As seen, the slightest data dispersion (i.e. the best inter-reproducibility) at both urea concentrations was revealed for the biosensor obtained by urease immobilization on the surface of monolayer of silicalite and zeolite L. The inter-reproducibility for the biosensors immobilized by adsorption on the surface of monolayers of nano zeolite beta and nano calcined zeolite beta was almost the same; the worst was observed for biosensors based on urease immobilized in GA vapour.

The comparative data (noise, baseline drift, minimum detection limit, linear range, error of signal reproducibility) for the biosensors based on different types of immobilization are shown in Table 1.

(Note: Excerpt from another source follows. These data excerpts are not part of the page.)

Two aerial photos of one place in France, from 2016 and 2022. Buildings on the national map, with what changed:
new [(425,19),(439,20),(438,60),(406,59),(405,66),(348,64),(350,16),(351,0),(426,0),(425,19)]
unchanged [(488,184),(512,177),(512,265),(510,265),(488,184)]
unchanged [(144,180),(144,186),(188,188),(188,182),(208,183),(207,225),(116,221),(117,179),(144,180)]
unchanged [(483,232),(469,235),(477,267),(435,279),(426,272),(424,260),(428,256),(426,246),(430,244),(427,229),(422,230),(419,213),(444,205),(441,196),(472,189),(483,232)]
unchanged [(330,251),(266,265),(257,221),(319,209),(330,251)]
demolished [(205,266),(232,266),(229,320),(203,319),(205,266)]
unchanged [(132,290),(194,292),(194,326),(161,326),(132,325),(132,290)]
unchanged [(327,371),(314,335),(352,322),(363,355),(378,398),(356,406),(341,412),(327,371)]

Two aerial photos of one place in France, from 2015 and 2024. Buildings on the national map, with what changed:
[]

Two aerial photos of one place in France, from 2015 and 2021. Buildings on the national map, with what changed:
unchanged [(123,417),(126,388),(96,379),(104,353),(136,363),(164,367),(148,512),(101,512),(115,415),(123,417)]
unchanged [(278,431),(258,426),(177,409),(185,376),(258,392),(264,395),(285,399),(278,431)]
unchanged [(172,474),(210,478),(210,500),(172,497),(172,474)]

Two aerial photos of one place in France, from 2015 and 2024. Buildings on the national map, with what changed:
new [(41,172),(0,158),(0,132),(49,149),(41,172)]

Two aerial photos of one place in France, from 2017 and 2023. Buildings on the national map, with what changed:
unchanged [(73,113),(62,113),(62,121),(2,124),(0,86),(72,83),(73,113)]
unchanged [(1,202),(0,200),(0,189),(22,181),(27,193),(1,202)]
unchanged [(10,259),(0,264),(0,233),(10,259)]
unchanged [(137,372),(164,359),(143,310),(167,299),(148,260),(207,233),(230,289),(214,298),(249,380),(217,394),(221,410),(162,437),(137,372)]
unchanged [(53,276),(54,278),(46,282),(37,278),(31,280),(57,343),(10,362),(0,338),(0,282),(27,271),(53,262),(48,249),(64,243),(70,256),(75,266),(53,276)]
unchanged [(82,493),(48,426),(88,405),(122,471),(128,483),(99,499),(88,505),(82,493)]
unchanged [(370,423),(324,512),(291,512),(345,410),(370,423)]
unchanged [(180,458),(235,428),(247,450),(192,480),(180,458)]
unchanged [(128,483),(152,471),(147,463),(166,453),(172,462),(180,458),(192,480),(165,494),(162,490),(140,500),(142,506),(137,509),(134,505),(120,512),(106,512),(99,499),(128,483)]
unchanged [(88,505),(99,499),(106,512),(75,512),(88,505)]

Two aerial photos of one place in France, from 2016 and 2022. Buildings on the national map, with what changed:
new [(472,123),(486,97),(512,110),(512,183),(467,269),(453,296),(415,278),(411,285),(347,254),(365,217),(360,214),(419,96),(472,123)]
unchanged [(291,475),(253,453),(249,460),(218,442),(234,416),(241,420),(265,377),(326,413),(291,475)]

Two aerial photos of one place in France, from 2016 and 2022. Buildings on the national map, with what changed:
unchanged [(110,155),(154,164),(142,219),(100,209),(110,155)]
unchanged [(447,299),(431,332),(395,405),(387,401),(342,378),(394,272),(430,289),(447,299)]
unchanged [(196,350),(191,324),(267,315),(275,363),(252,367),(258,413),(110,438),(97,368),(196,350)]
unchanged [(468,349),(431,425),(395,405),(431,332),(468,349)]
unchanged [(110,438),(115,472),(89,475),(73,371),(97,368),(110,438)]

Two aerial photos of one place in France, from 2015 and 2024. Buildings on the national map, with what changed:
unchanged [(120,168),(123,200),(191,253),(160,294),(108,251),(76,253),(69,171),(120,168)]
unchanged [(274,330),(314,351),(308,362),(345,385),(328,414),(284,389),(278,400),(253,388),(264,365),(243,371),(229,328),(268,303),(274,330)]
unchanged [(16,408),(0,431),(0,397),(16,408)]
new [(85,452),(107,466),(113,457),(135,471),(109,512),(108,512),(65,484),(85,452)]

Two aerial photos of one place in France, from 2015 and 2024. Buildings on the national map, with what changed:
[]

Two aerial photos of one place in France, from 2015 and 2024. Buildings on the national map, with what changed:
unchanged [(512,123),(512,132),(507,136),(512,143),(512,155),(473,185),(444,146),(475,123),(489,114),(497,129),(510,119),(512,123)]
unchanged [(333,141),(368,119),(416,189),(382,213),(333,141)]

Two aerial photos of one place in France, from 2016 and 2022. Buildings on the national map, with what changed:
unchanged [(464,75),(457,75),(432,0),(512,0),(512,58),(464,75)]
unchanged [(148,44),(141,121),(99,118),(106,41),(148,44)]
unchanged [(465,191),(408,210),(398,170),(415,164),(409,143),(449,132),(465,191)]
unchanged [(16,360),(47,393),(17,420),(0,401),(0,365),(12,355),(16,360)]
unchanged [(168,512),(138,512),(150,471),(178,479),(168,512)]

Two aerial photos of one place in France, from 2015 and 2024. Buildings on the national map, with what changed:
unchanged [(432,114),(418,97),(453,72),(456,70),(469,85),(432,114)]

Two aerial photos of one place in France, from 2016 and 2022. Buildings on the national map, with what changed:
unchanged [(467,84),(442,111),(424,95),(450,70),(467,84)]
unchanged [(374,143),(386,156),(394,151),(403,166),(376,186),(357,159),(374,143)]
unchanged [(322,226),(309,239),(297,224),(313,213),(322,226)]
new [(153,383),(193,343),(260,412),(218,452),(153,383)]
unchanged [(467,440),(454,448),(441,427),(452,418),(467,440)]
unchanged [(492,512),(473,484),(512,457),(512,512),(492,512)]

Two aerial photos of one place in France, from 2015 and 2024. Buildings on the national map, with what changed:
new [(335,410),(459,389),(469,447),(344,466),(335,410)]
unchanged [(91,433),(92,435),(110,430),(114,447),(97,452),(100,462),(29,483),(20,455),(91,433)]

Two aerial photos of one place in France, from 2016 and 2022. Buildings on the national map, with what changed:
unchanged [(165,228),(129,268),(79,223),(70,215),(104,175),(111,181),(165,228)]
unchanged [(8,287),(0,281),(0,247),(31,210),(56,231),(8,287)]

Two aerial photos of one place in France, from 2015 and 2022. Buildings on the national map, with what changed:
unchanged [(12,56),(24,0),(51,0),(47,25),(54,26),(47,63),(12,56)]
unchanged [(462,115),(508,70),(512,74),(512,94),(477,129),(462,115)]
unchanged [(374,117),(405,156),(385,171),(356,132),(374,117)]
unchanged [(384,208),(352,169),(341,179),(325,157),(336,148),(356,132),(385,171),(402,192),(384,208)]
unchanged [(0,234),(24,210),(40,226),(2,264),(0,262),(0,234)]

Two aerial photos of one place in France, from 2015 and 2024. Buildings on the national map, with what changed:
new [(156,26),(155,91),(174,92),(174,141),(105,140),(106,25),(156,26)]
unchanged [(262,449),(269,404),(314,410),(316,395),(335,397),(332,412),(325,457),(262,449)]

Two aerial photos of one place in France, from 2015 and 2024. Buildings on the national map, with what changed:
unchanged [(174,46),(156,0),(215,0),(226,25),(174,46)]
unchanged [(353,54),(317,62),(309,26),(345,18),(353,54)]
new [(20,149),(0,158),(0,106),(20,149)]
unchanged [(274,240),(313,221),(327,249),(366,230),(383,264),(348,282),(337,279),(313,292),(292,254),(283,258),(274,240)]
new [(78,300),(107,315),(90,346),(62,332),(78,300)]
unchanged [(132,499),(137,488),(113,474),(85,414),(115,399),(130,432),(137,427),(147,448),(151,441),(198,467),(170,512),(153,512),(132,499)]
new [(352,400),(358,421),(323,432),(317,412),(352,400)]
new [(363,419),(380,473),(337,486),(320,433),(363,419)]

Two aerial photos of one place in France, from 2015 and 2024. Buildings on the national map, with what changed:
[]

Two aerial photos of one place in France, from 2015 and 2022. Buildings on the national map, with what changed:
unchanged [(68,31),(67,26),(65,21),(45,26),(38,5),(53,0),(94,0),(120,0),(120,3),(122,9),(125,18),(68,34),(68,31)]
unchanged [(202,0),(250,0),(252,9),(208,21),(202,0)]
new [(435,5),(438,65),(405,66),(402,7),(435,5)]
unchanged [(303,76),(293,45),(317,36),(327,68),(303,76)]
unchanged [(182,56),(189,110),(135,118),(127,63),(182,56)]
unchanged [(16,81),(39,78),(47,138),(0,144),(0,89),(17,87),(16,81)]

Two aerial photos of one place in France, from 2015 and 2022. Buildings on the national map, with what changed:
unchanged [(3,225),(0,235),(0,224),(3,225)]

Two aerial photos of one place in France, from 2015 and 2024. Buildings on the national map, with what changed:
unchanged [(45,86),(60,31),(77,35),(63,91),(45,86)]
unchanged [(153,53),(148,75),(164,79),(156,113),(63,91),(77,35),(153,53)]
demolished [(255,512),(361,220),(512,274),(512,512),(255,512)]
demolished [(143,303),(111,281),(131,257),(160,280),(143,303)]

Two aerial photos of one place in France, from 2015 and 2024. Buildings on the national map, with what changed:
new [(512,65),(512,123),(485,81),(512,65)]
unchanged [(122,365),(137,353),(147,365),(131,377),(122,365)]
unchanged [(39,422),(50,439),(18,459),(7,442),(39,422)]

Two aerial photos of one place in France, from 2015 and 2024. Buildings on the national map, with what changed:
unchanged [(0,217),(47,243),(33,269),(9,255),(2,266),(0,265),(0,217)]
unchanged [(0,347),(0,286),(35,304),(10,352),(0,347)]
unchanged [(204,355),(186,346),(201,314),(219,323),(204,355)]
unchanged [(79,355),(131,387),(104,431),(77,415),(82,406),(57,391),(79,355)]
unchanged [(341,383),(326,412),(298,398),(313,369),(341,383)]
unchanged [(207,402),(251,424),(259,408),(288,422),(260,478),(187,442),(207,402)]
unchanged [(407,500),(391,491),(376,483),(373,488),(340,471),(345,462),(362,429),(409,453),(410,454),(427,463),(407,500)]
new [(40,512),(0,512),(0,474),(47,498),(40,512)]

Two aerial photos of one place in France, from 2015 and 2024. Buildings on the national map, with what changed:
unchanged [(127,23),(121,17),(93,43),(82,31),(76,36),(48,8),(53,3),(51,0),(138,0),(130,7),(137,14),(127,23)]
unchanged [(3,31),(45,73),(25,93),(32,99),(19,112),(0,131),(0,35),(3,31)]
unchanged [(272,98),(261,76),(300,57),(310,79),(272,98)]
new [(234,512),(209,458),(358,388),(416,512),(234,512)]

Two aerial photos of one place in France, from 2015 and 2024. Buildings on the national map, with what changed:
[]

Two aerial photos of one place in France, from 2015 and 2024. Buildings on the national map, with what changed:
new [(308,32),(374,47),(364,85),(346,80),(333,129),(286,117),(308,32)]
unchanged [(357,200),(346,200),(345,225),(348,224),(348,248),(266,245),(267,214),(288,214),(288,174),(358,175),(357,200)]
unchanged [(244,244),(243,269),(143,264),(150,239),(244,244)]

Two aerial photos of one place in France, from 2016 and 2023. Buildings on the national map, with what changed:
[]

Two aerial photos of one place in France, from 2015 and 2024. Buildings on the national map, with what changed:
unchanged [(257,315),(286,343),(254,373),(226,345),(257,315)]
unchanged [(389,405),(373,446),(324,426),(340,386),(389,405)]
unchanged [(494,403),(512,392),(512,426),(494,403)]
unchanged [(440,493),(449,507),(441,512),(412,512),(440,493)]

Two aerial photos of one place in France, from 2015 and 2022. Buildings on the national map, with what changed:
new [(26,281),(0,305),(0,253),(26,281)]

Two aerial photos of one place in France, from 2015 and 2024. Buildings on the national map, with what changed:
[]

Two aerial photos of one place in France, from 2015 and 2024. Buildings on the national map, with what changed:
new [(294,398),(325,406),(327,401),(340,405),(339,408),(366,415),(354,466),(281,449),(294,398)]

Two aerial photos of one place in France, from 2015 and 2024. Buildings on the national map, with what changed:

Table 1 Comparison of operational characteristics of biosensors created using different types of urease immobilization

The obtained data show that adsorption on zeolites can promote a linear range, a decrease in the error of response reproducibility and in baseline drift. Nevertheless, the biosensors obtained by traditional immobilization in GA vapour can be characterized by lower baseline noise.

Thus, the technique of enzyme adsorption on zeolite monolayers allows us, on the one hand, to avoid using toxic substances (glutaraldehyde, etc.), on the other - to obtain potentiometric biosensors with improved analytical characteristics.

Conclusions

We investigated a possibility of application of a new method of immobilization of enzyme urease on the surface of pH-sensitive field-effect transistors by adsorption on zeolite monolayers. In the experiment, we used different types of zeolites: nano beta, calcinated nano beta, silicalite and nano zeolite L. As a control, we used the method of immobilization in glutaraldehyde vapour (without zeolite). It is shown that the enzyme immobilization on monolayers of silicalite or nano zeolite L results in increasing biosensor linear range up to 1.5 mM. We found that the biosensors based on adsorbed urease were characterized by better signal reproducibility during work and better reproducible stable immobilization of the biological material. The biosensors obtained with new methods were compared by various parameters: noise, baseline drift, minimum determination limit, error of signal reproducibility, error of immobilization reproducibility and width of the linear range of operation.

It was found that the use of monolayers of different zeolites as a carrier for adsorption of the enzyme for the creation of potentiometric biosensors can result in increasing linear range of their operation, reducing the minimum limit of urea determination, improved response reproducibility and inter-reproducibility and decreasing time of analysis.